Sample-efficient Learning of Concepts with Theoretical Guarantees: from Data to Concepts without Interventions
This work addresses interpretability and robustness issues in AI systems for domains like image analysis, offering a sample-efficient method to improve concept learning without costly interventions, though it is incremental as it builds on existing CBM and causal representation learning approaches.
The paper tackles the problem of spurious correlations in Concept Bottleneck Models (CBMs) by proposing a framework that learns interpretable concepts from high-dimensional data without requiring interventions, using causal representation learning and providing theoretical guarantees on concept correctness and label efficiency. In evaluations on synthetic and image benchmarks, the learned concepts show less impurities and often higher accuracy than other CBMs, even with strong concept correlations.
Machine learning is a vital part of many real-world systems, but several concerns remain about the lack of interpretability, explainability and robustness of black-box AI systems. Concept Bottleneck Models (CBM) address some of these challenges by learning interpretable concepts from high-dimensional data, e.g. images, which are used to predict labels. An important issue in CBMs are spurious correlation between concepts, which effectively lead to learning "wrong" concepts. Current mitigating strategies have strong assumptions, e.g., they assume that the concepts are statistically independent of each other, or require substantial interaction in terms of both interventions and labels provided by annotators. In this paper, we describe a framework that provides theoretical guarantees on the correctness of the learned concepts and on the number of required labels, without requiring any interventions.
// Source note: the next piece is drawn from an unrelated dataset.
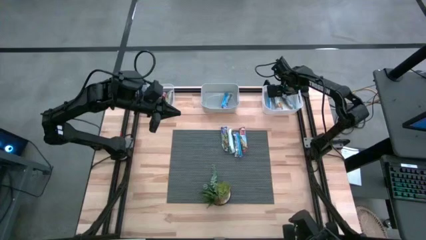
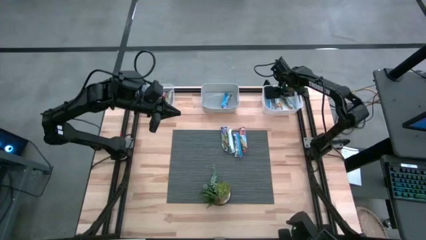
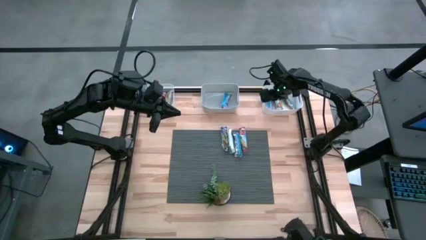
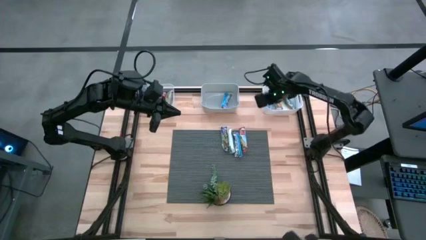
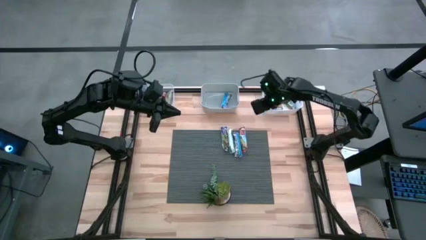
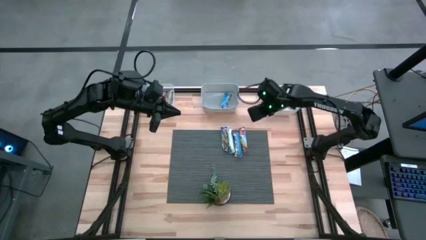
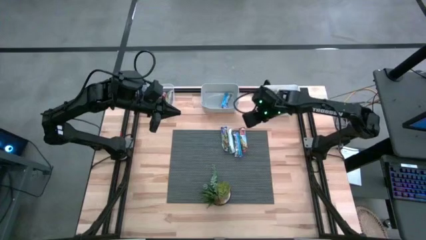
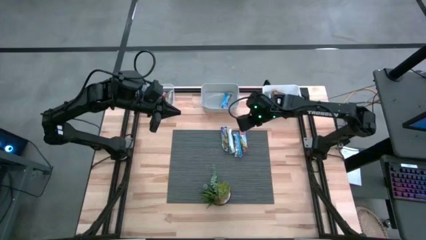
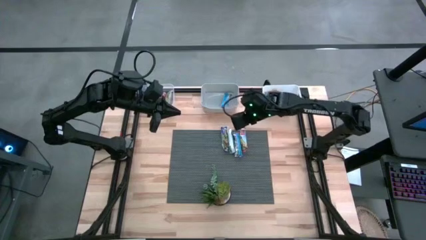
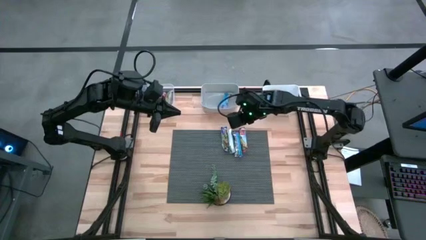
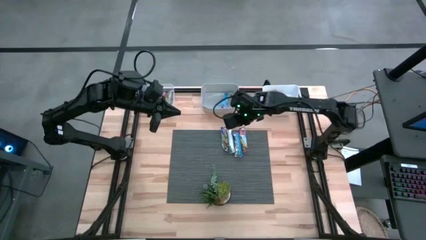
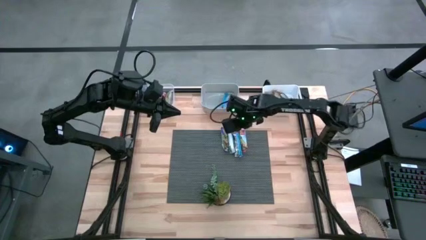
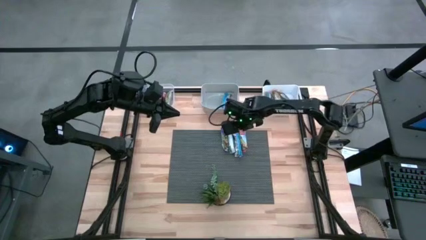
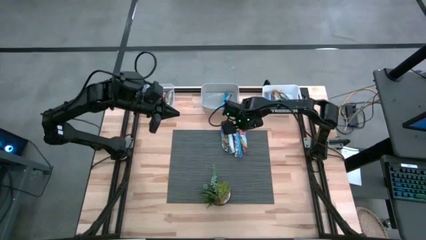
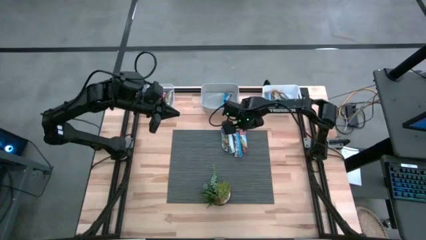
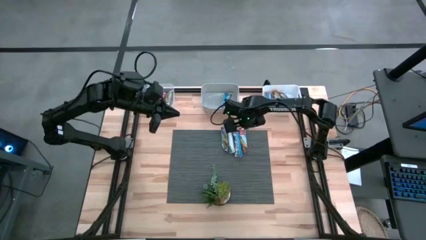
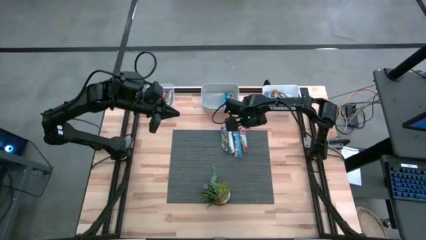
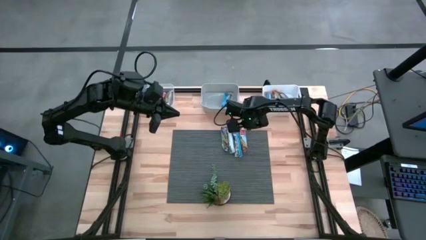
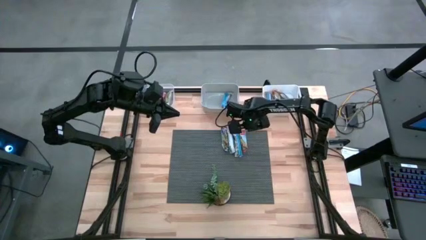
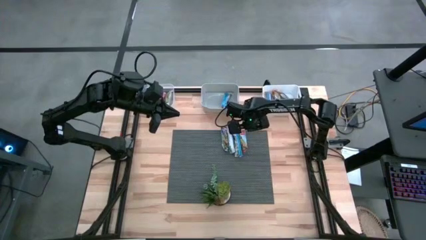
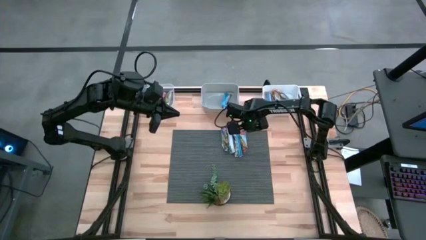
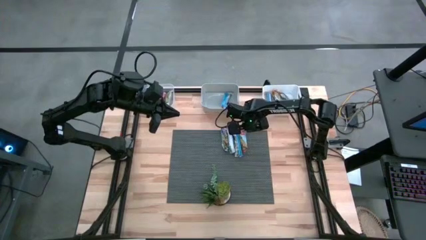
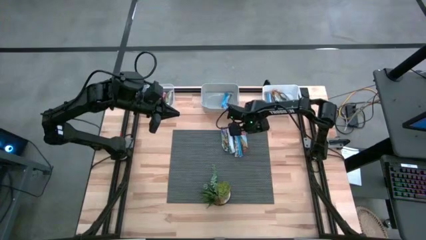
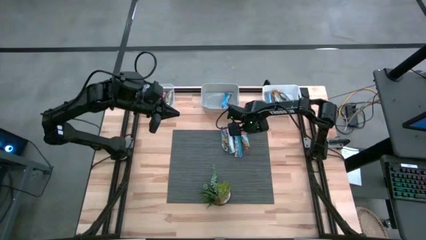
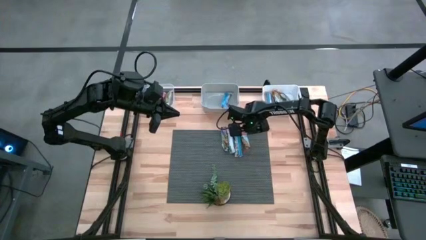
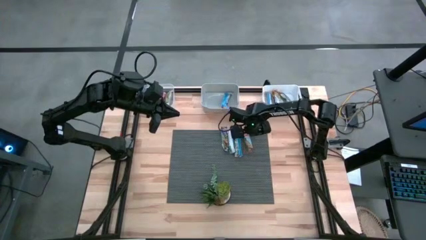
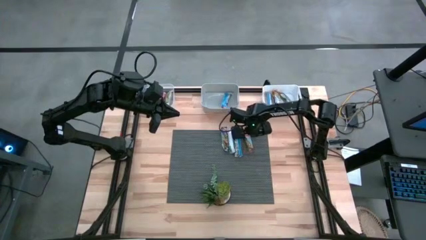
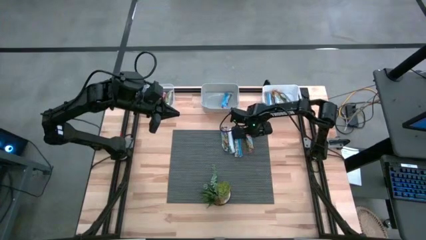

Our framework leverages causal representation learning (CRL) methods to learn latent causal variables from high-dimensional observations in a unsupervised way, and then learns to align these variables with interpretable concepts with few concept labels. We propose a linear and a non-parametric estimator for this mapping, providing a finite-sample high probability result in the linear case and an asymptotic consistency result for the non-parametric estimator. We evaluate our framework in synthetic and image benchmarks, showing that the learned concepts have less impurities and are often more accurate than other CBMs, even in settings with strong correlations between concepts.